Building Self-Healing ML Systems

The SRE Runbook Problem

SRE teams write runbooks: step-by-step procedures for responding to incidents. “When alert X fires, do steps 1, 2, 3.” The good teams automate those runbooks into code.

ML systems have an analogous runbook: “When model drift is detected, retrain the model on fresh data, evaluate it against quality gates, promote it if it passes, notify the team.” Most ML teams do this manually. Automating it is the goal of Phase 9.

Argo Events Architecture

Argo Events is a separate system from Argo Workflows.

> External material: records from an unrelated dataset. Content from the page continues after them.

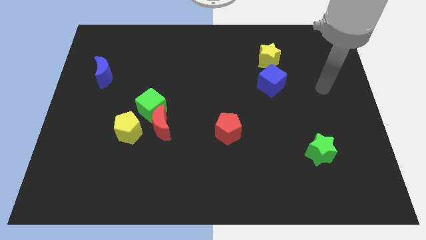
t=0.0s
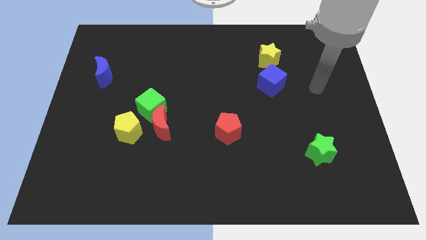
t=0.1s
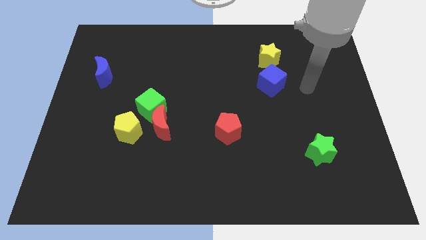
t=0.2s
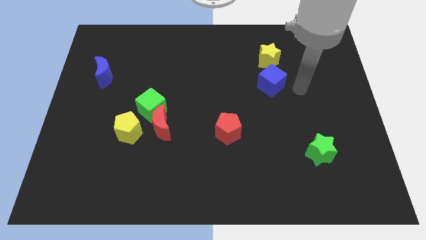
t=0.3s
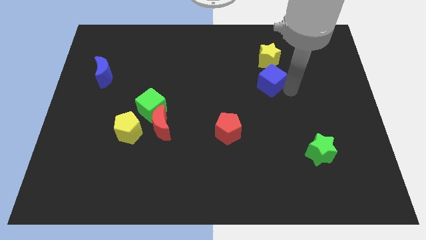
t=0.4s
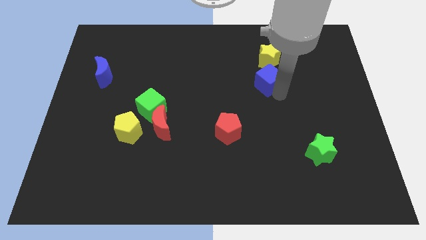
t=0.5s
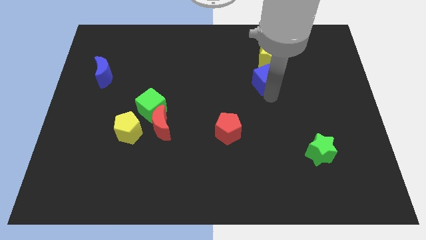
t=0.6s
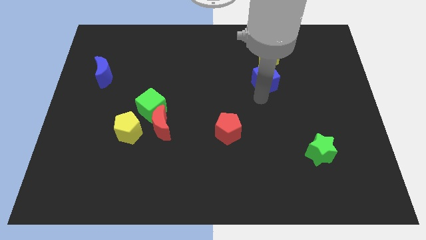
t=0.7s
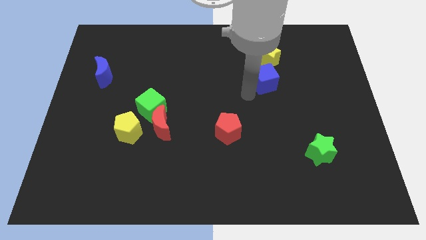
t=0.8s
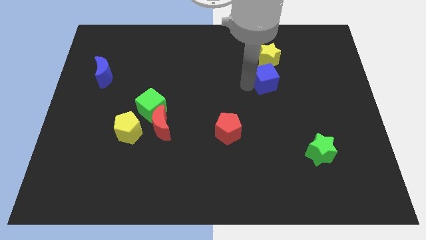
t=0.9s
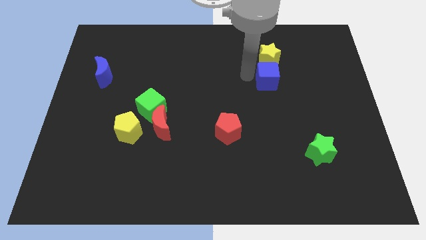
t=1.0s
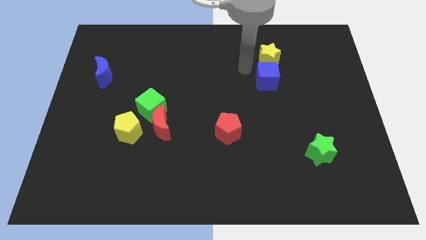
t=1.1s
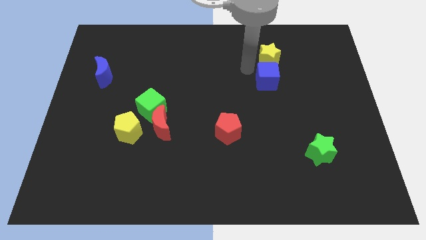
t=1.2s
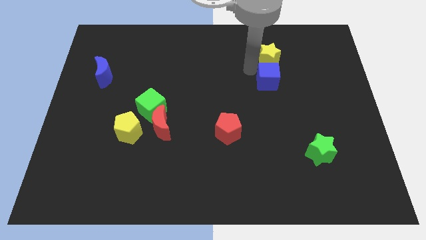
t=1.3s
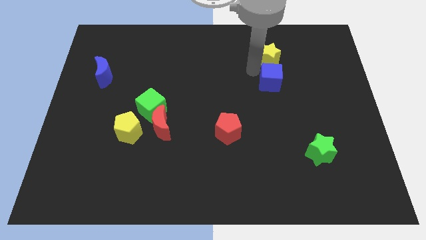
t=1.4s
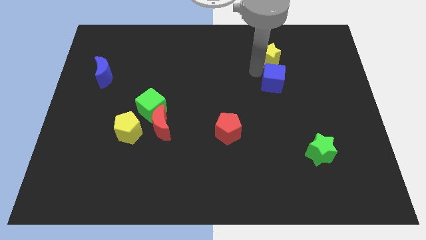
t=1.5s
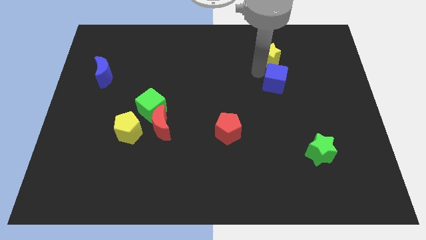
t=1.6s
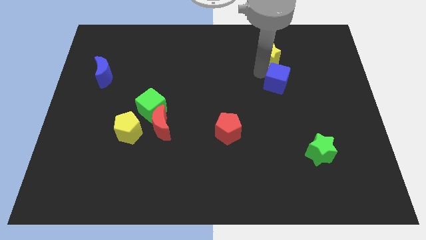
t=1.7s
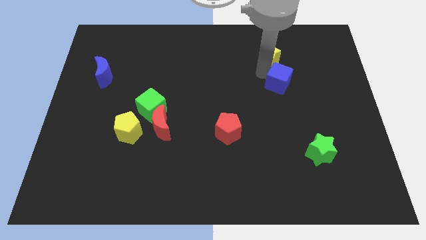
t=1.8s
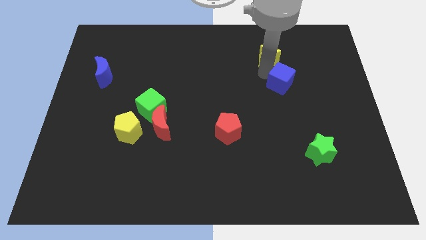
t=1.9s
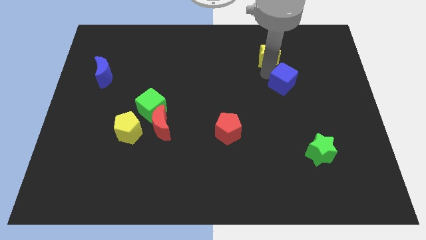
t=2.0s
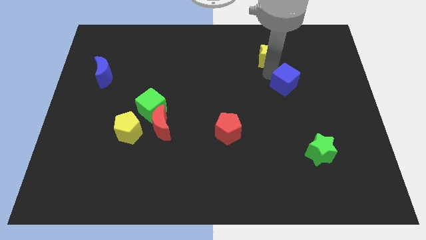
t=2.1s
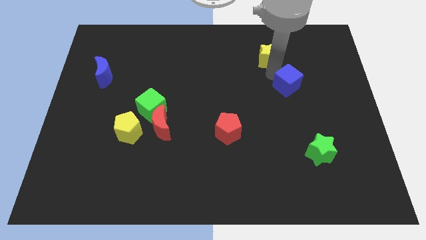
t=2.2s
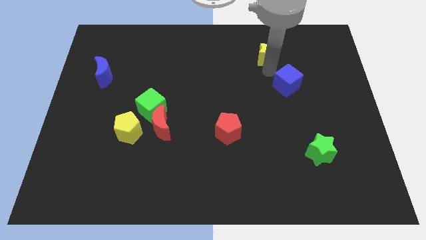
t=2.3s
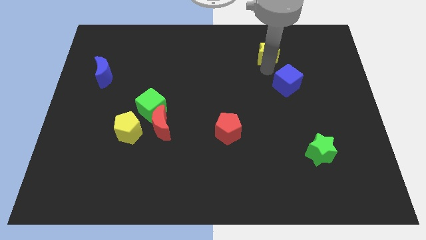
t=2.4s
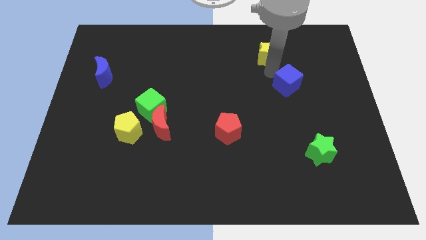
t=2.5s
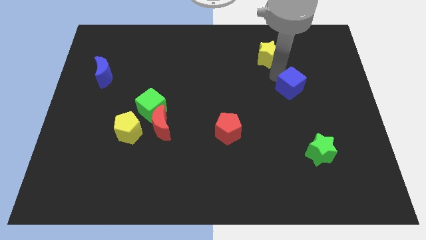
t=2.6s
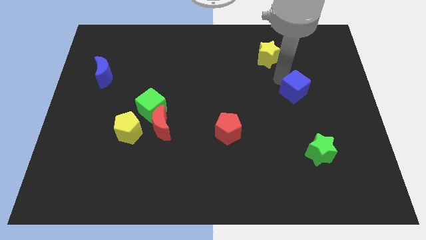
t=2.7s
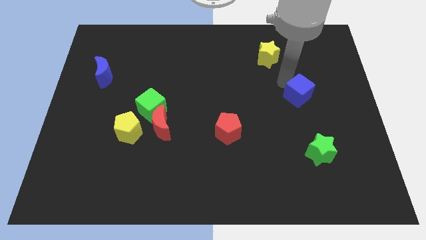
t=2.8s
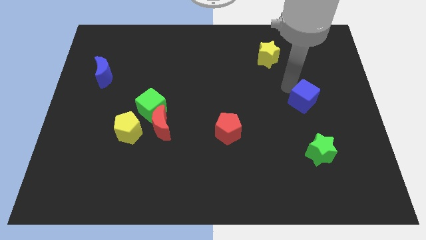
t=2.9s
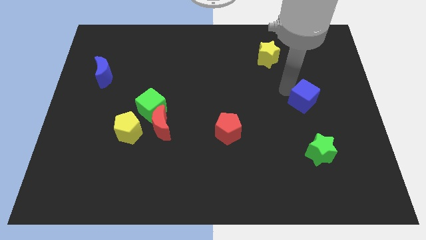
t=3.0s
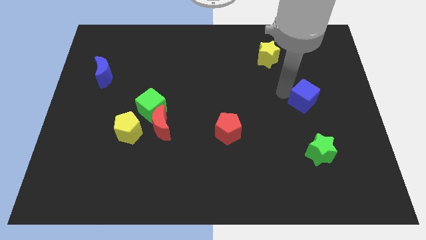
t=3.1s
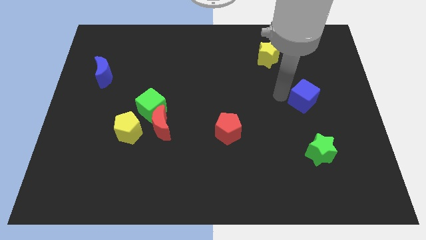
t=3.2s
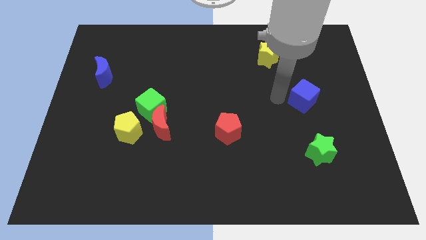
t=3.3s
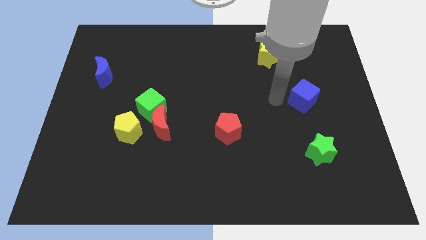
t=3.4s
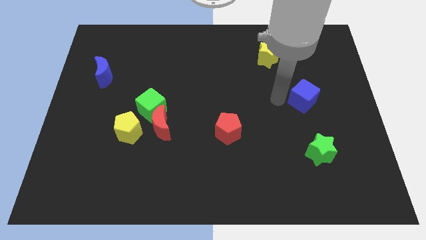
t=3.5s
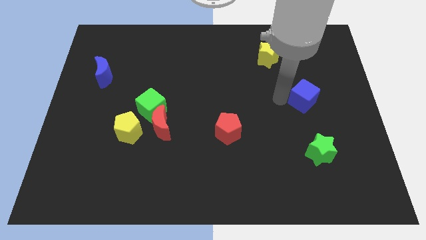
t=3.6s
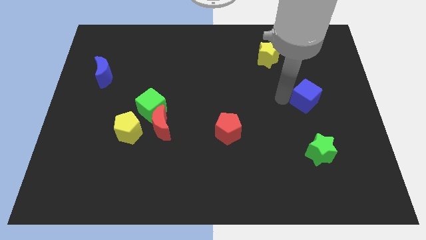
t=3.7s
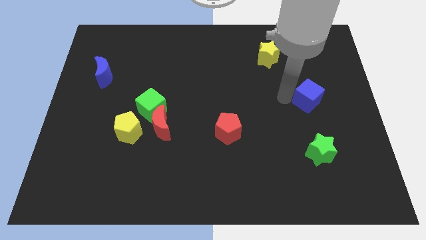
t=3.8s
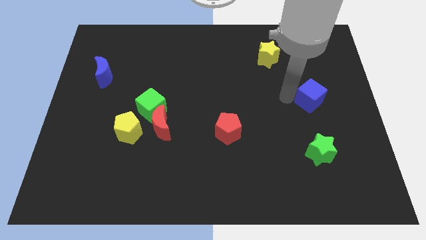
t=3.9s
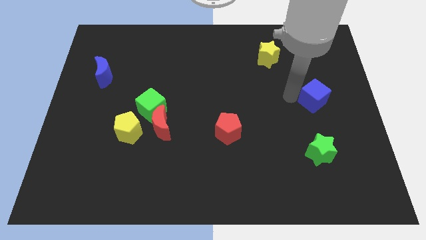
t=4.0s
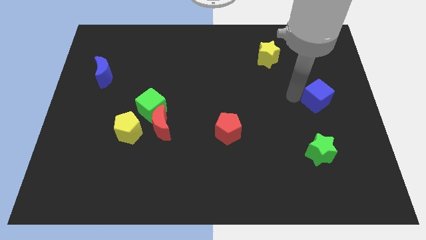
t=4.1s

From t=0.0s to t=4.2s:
slide the blue cube to the right side of the board

Its job is to listen for events and trigger workflows in response.

[Prometheus Alert] → [Argo Events EventSource] → [Sensor] → [Trigger] → [Argo Workflow]

The EventSource listens on a webhook endpoint. Alertmanager (configured to send webhook notifications) POSTs to that endpoint when a drift alert fires. The Sensor evaluates conditions and fires the Trigger, which submits the retraining Workflow.

The EventSource

apiVersion: argoproj.io/v1alpha1
kind: EventSource
metadata:
  name: drift-alert
spec:
  webhook:
    drift-detected:
      port: "12000"
      endpoint: /drift
      method: POST

The Sensor and Trigger

apiVersion: argoproj.io/v1alpha1
kind: Sensor
metadata:
  name: model-retrain
spec:
  dependencies:
    - name: drift-event
      eventSourceName: drift-alert
      eventName: drift-detected
  triggers:
    - template:
        name: retrain-workflow
        argoWorkflow:
          operation: submit
          source:
            resource:
              apiVersion: argoproj.io/v1alpha1
              kind: Workflow
              metadata:
                generateName: retrain-
              spec:
                workflowTemplateRef:
                  name: model-retrain-pipeline

Quality Gates Still Apply

Self-healing doesn’t mean unconditional retraining. The retrain workflow includes the same quality gates as the CI pipeline. If the new model is worse than the current production model, it fails the gate and the current model stays deployed. A human gets notified.

Automation that can make things worse without human review is not self-healing — it’s chaos engineering on yourself.